You reluctantly get up off his lap, and before he can protest, you're discarding the rest of your clothing, sliding your sweatpants down your legs. He makes quick work of following your lead by removing his shirt and pants, his boxers following quickly behind.
You make a little show of removing your panties, and you would normally be embarrassed by the amount of moisture that has already accumulated inside the flimsy material, but right now, all you can focus on is his hand giving his cock a few lazy strokes while he watches you undress for him.

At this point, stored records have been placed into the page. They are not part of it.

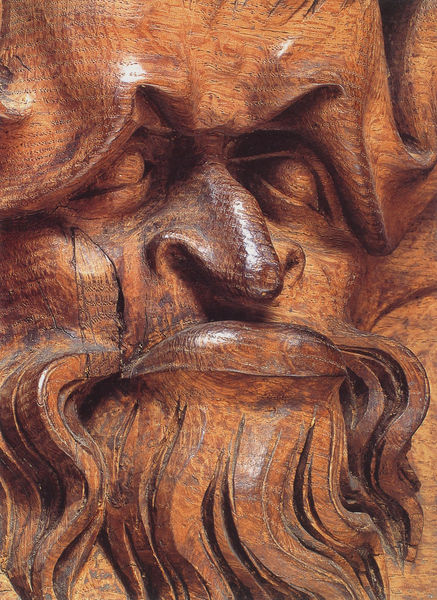
Titel: Kölner Dom, Chorgestühl
Standort: Köln, Dom (EU - D - NRW)
Schlagwörter: mann, ausschnitt, braun, holz, mund, nase, stirn, hochformat, bart, augen, bärtig, gesicht, vollbart, auge, figur, haare, augenbrauen, lippe, lippen, skulptur, wellen, karikatur, detail, wange, geschlossen, foto, maske, hakennase, nasenlöcher, schnitzerei, photo, satyr, eiche, unterlippe, geschnitzt, schnizerei, hackennase, holzschnitzerei, holzstruktur, lippeaugen, wellenbart
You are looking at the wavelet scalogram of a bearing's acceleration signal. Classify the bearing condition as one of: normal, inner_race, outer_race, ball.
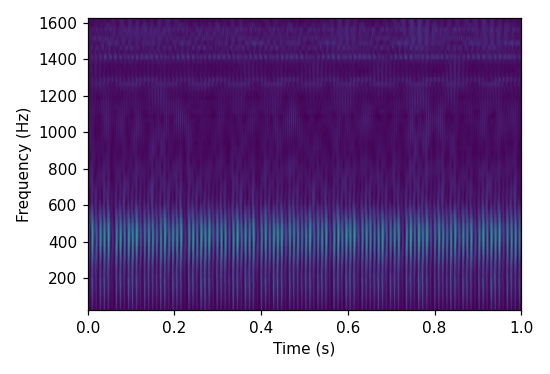
Answer: outer_race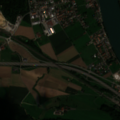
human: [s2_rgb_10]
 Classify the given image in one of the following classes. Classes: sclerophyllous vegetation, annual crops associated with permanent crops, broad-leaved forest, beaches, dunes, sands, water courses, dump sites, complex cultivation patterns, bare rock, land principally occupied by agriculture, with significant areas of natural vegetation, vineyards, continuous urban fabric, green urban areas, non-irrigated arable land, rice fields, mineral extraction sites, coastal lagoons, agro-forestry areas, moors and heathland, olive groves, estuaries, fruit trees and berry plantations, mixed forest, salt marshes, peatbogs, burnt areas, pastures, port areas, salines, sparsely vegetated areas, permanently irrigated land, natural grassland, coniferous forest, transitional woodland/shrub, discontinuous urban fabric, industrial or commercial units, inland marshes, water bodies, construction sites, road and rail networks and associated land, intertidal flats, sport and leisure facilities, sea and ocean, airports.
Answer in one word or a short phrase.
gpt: discontinuous urban fabric, non-irrigated arable land, mixed forest, water courses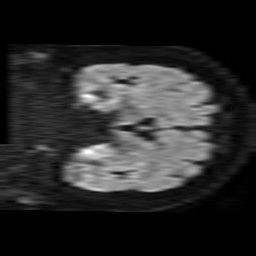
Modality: TRACE
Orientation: coronal
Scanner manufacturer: philips
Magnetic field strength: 1.5 T
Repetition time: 3.741 s
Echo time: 0.07039 s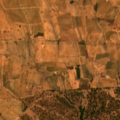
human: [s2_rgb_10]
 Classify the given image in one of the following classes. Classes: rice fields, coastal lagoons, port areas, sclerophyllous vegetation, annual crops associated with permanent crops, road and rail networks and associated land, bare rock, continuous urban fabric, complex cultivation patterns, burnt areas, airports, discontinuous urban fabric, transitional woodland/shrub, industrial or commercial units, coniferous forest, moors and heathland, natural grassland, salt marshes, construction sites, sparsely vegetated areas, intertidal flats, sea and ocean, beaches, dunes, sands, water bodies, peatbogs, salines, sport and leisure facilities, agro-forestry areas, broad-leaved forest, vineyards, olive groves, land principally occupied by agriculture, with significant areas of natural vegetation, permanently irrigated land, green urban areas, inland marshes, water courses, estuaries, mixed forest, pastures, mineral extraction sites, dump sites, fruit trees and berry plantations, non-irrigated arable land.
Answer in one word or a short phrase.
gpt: vineyards, complex cultivation patterns, broad-leaved forest, transitional woodland/shrub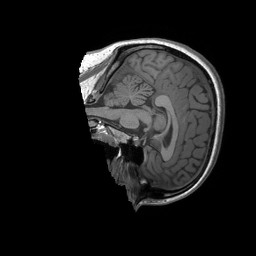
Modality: T1w
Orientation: sagittal
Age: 26
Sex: male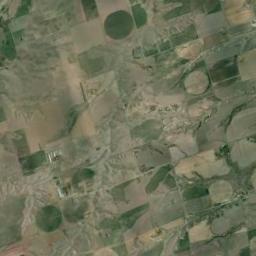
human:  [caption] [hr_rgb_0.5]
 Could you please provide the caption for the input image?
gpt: Several circular farmlands are surrounded by some other shapes of farmlands .

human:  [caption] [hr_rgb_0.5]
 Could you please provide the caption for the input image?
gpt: There is only a complete circle of farmland in the lower right corner .

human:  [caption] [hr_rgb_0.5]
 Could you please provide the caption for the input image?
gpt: Several green and ocher circular farmland mixed with other farmland .

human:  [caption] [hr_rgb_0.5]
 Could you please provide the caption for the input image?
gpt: There are some bare circle farmland and green circle farmland .

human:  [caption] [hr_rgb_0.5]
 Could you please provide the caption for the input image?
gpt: There are several circular farmlands among many rectangle farmlands .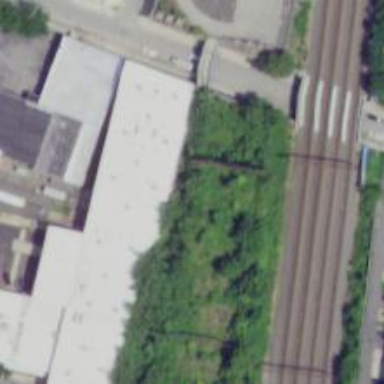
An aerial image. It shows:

“C’mere.” He spreads his legs a bit, his cock already almost fully hard, the tip slowly turning a light shade of pink. You'd never thought of a cock as 'pretty' before, but damn, it's pretty.
You do as he says without a single protest or complaint, your pussy practically throbbing at the sight of him. Oh, how wonderful it is to be his friend.
You get down on your knees in front of him, his eyelids hanging low as he looks down at you, his hand pumping his cock.
You pride yourself in being good at oral sex, but it's never been something you particularly love doing. That is, until you started hooking up with Jungkook. Sometimes he’ll just be doing something as simple as watching a show on tv, and you’ll be on your knees with your hair up and his cock hitting the back of your throat. It's everything, from the sounds he makes, to the way his eyebrows furrow and his lips part in ecstasy, that makes it so enjoyable.
You take over for him, giving his cock a few strokes before swirling your tongue around the head, pulling a deep groan from the back of his throat. You start sucking, working your way down his length, occasionally looking up to see that look on his face that makes your pussy clench. He rests his hand at the back of your head, not applying pressure, just wanting to feel more of you as you bob your head up and down a few times.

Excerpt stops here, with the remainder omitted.